Sailors receive constant pressure from a variety of sources, including home, work, even play. Making good decisions under pressure is a challenge for everyone. Sailors are no exception.
Chaplains witness such struggles on a daily basis. One young man is frustrated with the way he is being treating down in berthing. He is new to the ship and his shipmates are welcoming him aboard with some introductory hazing. A female sailor is tired of undue attention. She is an attractive female on a ship predominately of men.
These are just two dilemmas posed by a shipboard environment, where other questions naturally arise.
How do we treat one another when we are not only fellow workers, but also shipmates who live together? What does it mean to respect someone’s privacy or individual space when 350 people live on a ship 566 feet long? What do we expect to happen when we put men and women together on a ship for six straight months?
When it comes to making good decisions, sailors—like everyone else—can both amaze and disappoint. A friend will give a buddy a ride home after pulling into port. A shipmate will counsel a young sailor about his responsibilities. A sailor will stand watch for another who is exhausted and needs rest.
But a married sailor will have sex with a shipmate. A superior will cuss out a subordinate in anger. An underage young man will go out drinking with his friends. One sailor will strike another because that person was making fun of him.
Much shipboard frustration has roots at home, for Navy life is difficult for families. Some ships are underway for over nine months a year.
Families struggle to maintain bonds that once held them together. Marriages teeter on divorce. And struggling marriages often end through an adulterous relationship. Children grow up missing large amounts of time with one or both parents depending on who is in the Navy.
Instability at home is also caused by the frequent moves demanded by the Navy. Children grow up without the network of support that comes from a lifetime of friendships and connections built in one place.
Excesses of play pile on top of work and home demands. The intensity of the sailors’ work is matched only by the intensity of their fun. After weeks at sea, young men and women are ready to have some fun.
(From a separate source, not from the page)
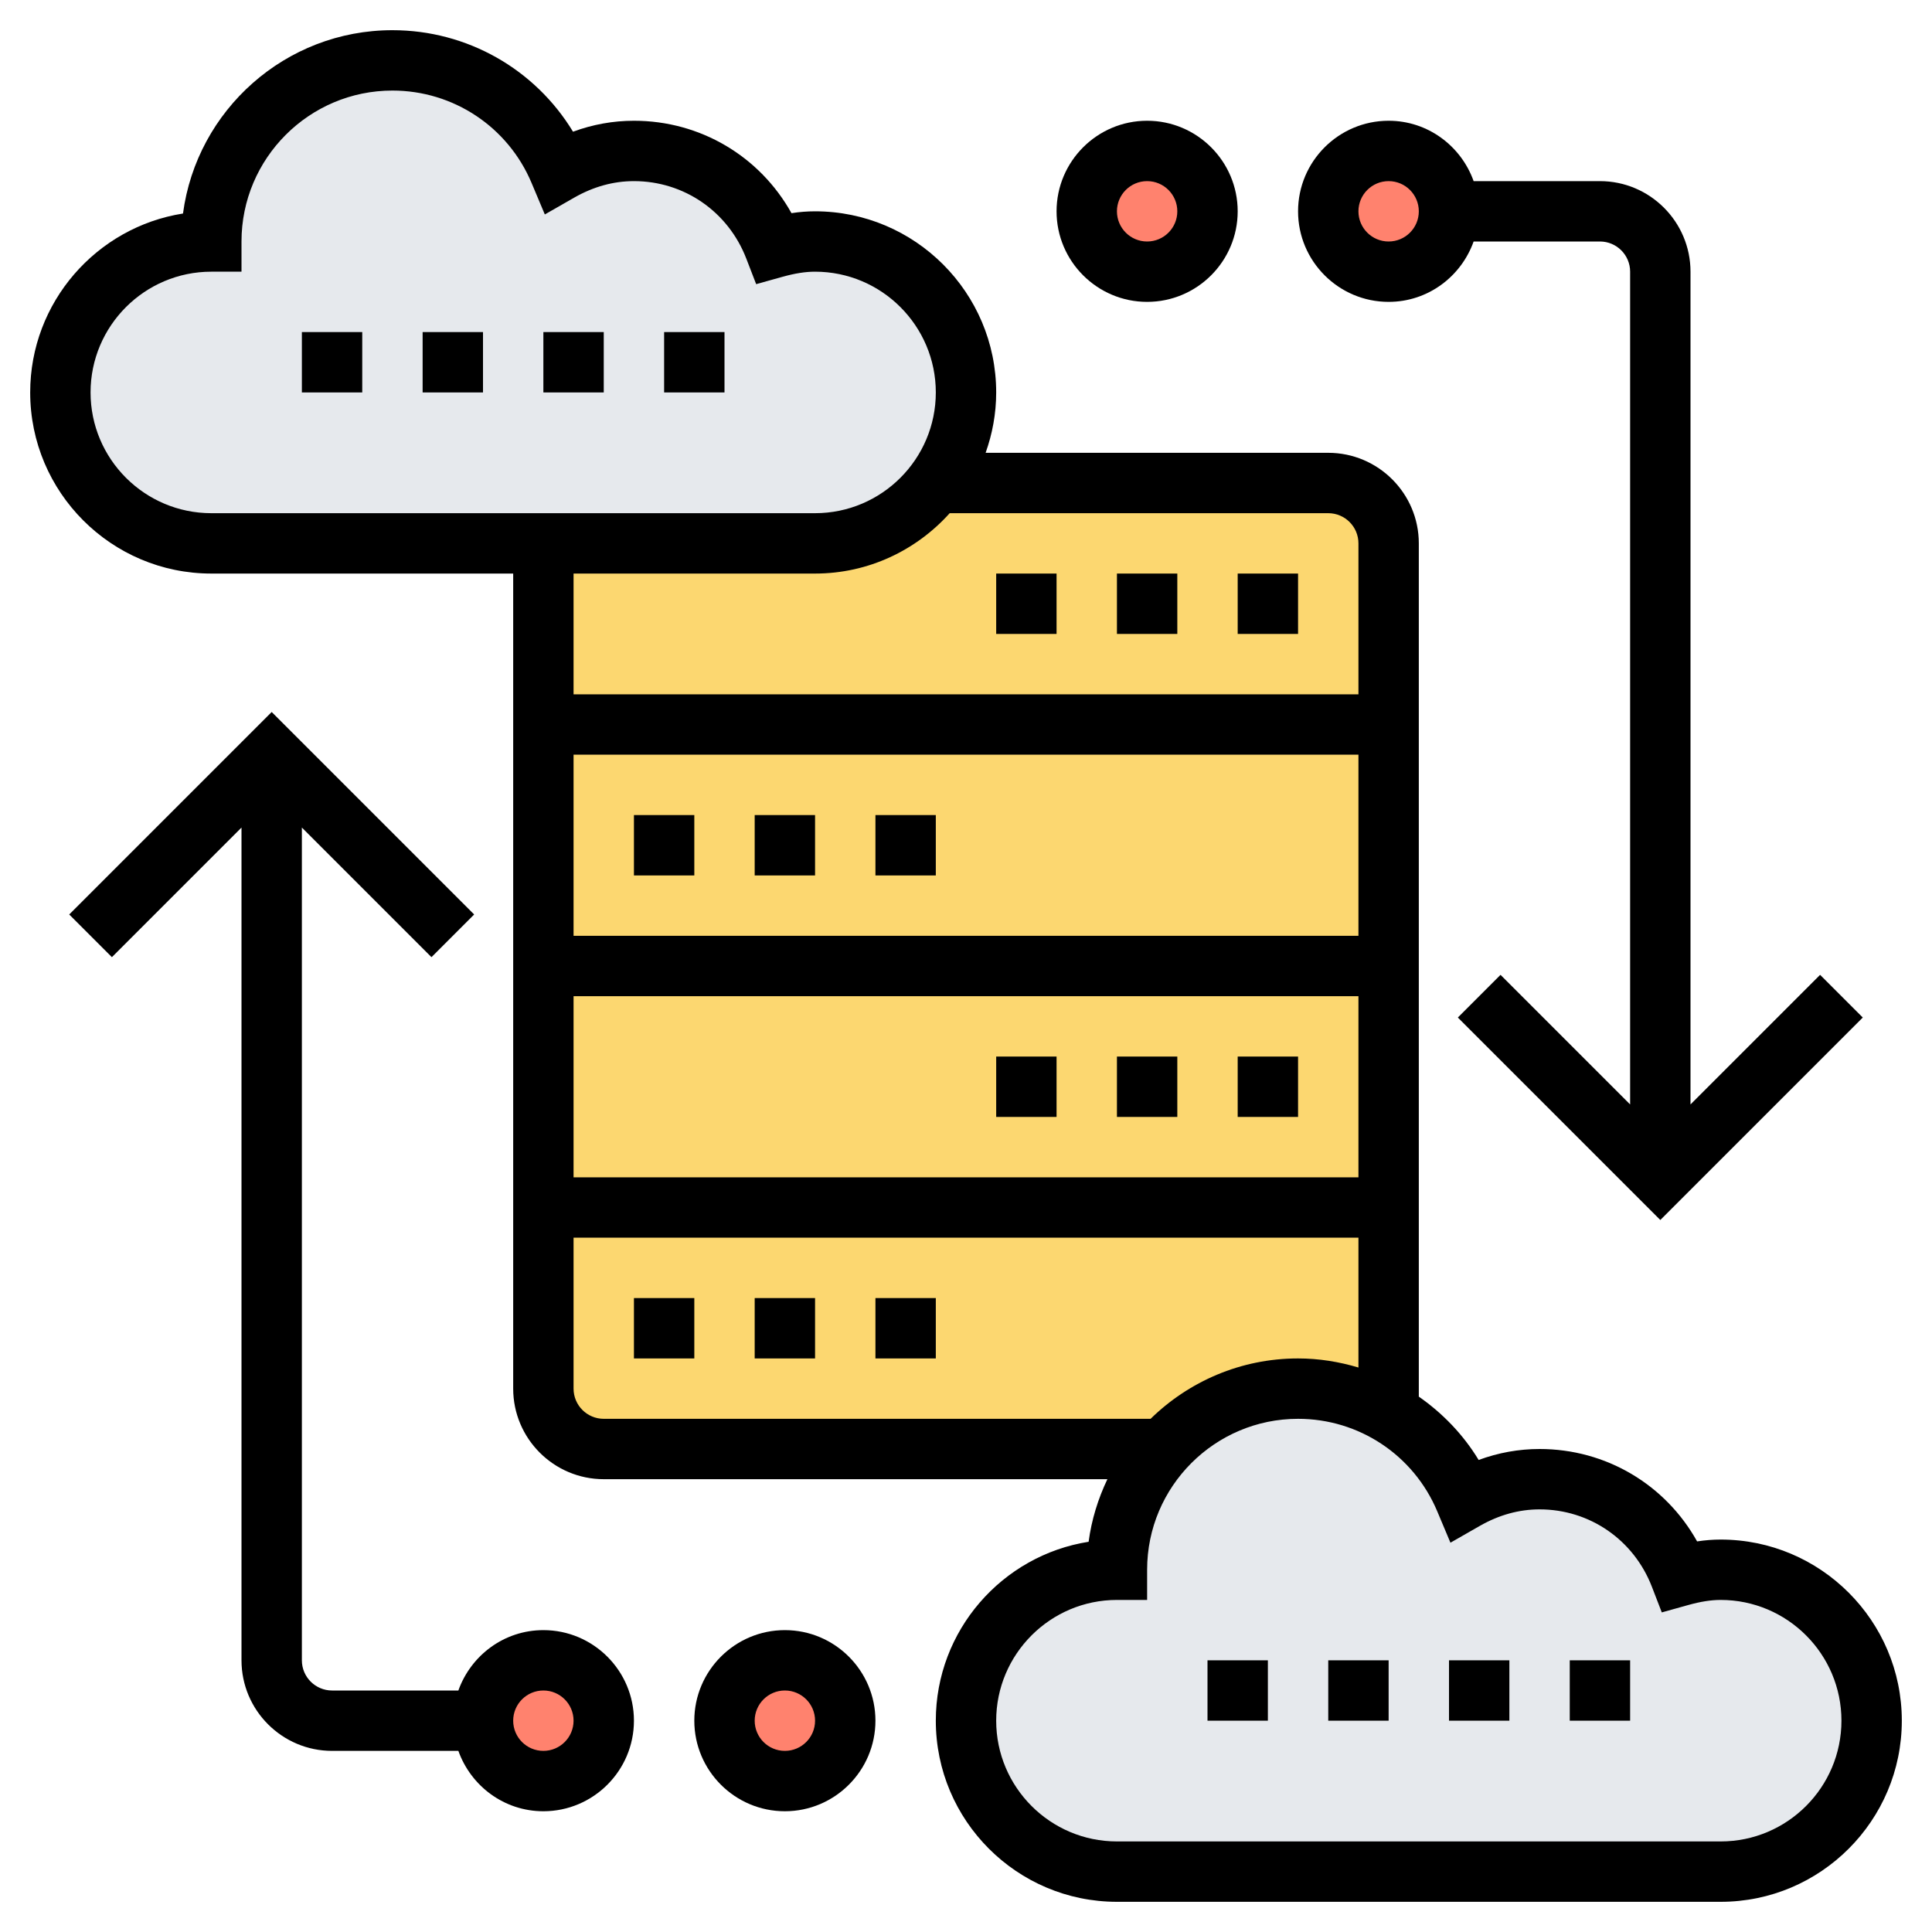 <svg id="Layer_5" enable-background="new 0 0 64 64" height="512" viewBox="0 0 64 64" width="512" xmlns="http://www.w3.org/2000/svg"><g><g><g><path d="m44 16h-13c-.91 1.21-2.37 2-4 2h-9v28c0 1.1.9 2 2 2h18.54c1.09-1.23 2.69-2 4.46-2 1.09 0 2.12.29 3 .81v-28.81c0-1.1-.9-2-2-2z" fill="#fcd770"/></g><g><path d="m31 16c-.91 1.21-2.37 2-4 2h-9-11c-2.76 0-5-2.24-5-5s2.24-5 5-5c0-3.31 2.69-6 6-6 2.49 0 4.62 1.52 5.53 3.68.73-.42 1.57-.68 2.47-.68 2.13 0 3.93 1.33 4.65 3.21.44-.12.88-.21 1.35-.21 2.76 0 5 2.24 5 5 0 1.13-.37 2.17-1 3z" fill="#e6e9ed"/></g><g><path d="m46 46.81c1.13.65 2.02 1.66 2.53 2.87.73-.42 1.57-.68 2.47-.68 2.13 0 3.93 1.33 4.65 3.21.44-.12.88-.21 1.35-.21 2.76 0 5 2.24 5 5s-2.24 5-5 5h-20c-2.76 0-5-2.24-5-5s2.24-5 5-5c0-1.54.58-2.94 1.54-4 1.09-1.23 2.69-2 4.46-2 1.09 0 2.12.29 3 .81z" fill="#e6e9ed"/></g><g><circle cx="18" cy="57" fill="#ff826e" r="2"/></g><g><circle cx="26" cy="57" fill="#ff826e" r="2"/></g><g><circle cx="46" cy="7" fill="#ff826e" r="2"/></g><g><circle cx="38" cy="7" fill="#ff826e" r="2"/></g></g><g><path d="m21 27h2v2h-2z"/><path d="m29 27h2v2h-2z"/><path d="m25 27h2v2h-2z"/><path d="m25 43h2v2h-2z"/><path d="m21 43h2v2h-2z"/><path d="m29 43h2v2h-2z"/><path d="m37 19h2v2h-2z"/><path d="m41 19h2v2h-2z"/><path d="m33 19h2v2h-2z"/><path d="m33 35h2v2h-2z"/><path d="m41 35h2v2h-2z"/><path d="m37 35h2v2h-2z"/><path d="m26 54c-1.654 0-3 1.346-3 3s1.346 3 3 3 3-1.346 3-3-1.346-3-3-3zm0 4c-.552 0-1-.448-1-1s.448-1 1-1 1 .448 1 1-.448 1-1 1z"/><path d="m18 54c-1.302 0-2.402.839-2.816 2h-4.184c-.552 0-1-.448-1-1v-27.586l4.293 4.293 1.414-1.414-6.707-6.707-6.707 6.707 1.414 1.414 4.293-4.293v27.586c0 1.654 1.346 3 3 3h4.184c.414 1.161 1.514 2 2.816 2 1.654 0 3-1.346 3-3s-1.346-3-3-3zm0 4c-.552 0-1-.448-1-1s.448-1 1-1 1 .448 1 1-.448 1-1 1z"/><path d="m38 10c1.654 0 3-1.346 3-3s-1.346-3-3-3-3 1.346-3 3 1.346 3 3 3zm0-4c.552 0 1 .448 1 1s-.448 1-1 1-1-.448-1-1 .448-1 1-1z"/><path d="m46 10c1.302 0 2.402-.839 2.816-2h4.184c.552 0 1 .448 1 1v27.586l-4.293-4.293-1.414 1.414 6.707 6.707 6.707-6.707-1.414-1.414-4.293 4.293v-27.586c0-1.654-1.346-3-3-3h-4.184c-.414-1.161-1.514-2-2.816-2-1.654 0-3 1.346-3 3s1.346 3 3 3zm0-4c.552 0 1 .448 1 1s-.448 1-1 1-1-.448-1-1 .448-1 1-1z"/><path d="m57 51c-.256 0-.513.02-.781.061-1.051-1.884-3.019-3.061-5.219-3.061-.689 0-1.364.122-2.018.363-.511-.843-1.194-1.548-1.982-2.098v-13.265-2-13c0-1.654-1.346-3-3-3h-11.35c.223-.627.35-1.298.35-2 0-3.309-2.691-6-6-6-.256 0-.513.02-.781.061-1.051-1.884-3.019-3.061-5.219-3.061-.689 0-1.364.122-2.018.363-1.256-2.071-3.507-3.363-5.982-3.363-3.546 0-6.484 2.649-6.938 6.073-2.865.452-5.062 2.938-5.062 5.927 0 3.309 2.691 6 6 6h10v27c0 1.654 1.346 3 3 3h16.684c-.307.644-.525 1.339-.622 2.073-2.865.452-5.062 2.938-5.062 5.927 0 3.309 2.691 6 6 6h20c3.309 0 6-2.691 6-6s-2.691-6-6-6zm-12-12h-26v-6h26zm-26-8v-6h26v6zm-16-18c0-2.206 1.794-4 4-4h1v-1c0-2.757 2.243-5 5-5 2.018 0 3.828 1.202 4.61 3.063l.438 1.041.98-.561c.632-.36 1.295-.543 1.972-.543 1.659 0 3.12 1.007 3.722 2.566l.327.847.874-.244c.414-.115.757-.169 1.077-.169 2.206 0 4 1.794 4 4s-1.794 4-4 4h-20c-2.206 0-4-1.794-4-4zm24 6c1.771 0 3.36-.776 4.46-2h12.54c.552 0 1 .448 1 1v5h-26v-4zm-8 27v-5h26v4.301c-.639-.191-1.309-.301-2-.301-1.901 0-3.623.766-4.885 2h-18.115c-.552 0-1-.448-1-1zm38 15h-20c-2.206 0-4-1.794-4-4s1.794-4 4-4h1v-1c0-2.757 2.243-5 5-5 2.018 0 3.828 1.202 4.61 3.063l.438 1.041.98-.561c.632-.36 1.295-.543 1.972-.543 1.659 0 3.12 1.007 3.722 2.566l.327.847.874-.244c.414-.115.757-.169 1.077-.169 2.206 0 4 1.794 4 4s-1.794 4-4 4z"/><path d="m52 55h2v2h-2z"/><path d="m44 55h2v2h-2z"/><path d="m48 55h2v2h-2z"/><path d="m40 55h2v2h-2z"/><path d="m18 11h2v2h-2z"/><path d="m10 11h2v2h-2z"/><path d="m14 11h2v2h-2z"/><path d="m22 11h2v2h-2z"/></g></g></svg>

Problems arise when that fun includes getting drunk, using drugs or engaging in illicit sex. The Navy does a fairly good job of dealing with potential alcohol abuse. It also has a “zero tolerance” policy toward the use of illegal drugs, which means that if caught, one’s career is over. And sex aboard ship is always inappropriate. The Navy does respond to violations of its fraternization policy.
In the end, it may be the natural consequences of these behaviors that prove to be the worst punishment of all for the individual sailor.
The Navy is nothing more and nothing less than a microcosm of American society. As such, its men and women struggle like everyone else.
But unlike everyone else, sailors do more than work together. They live together. Tough decisions, then, are always close to home.
Bennett C. Sandford is a chaplain in the United States Navy.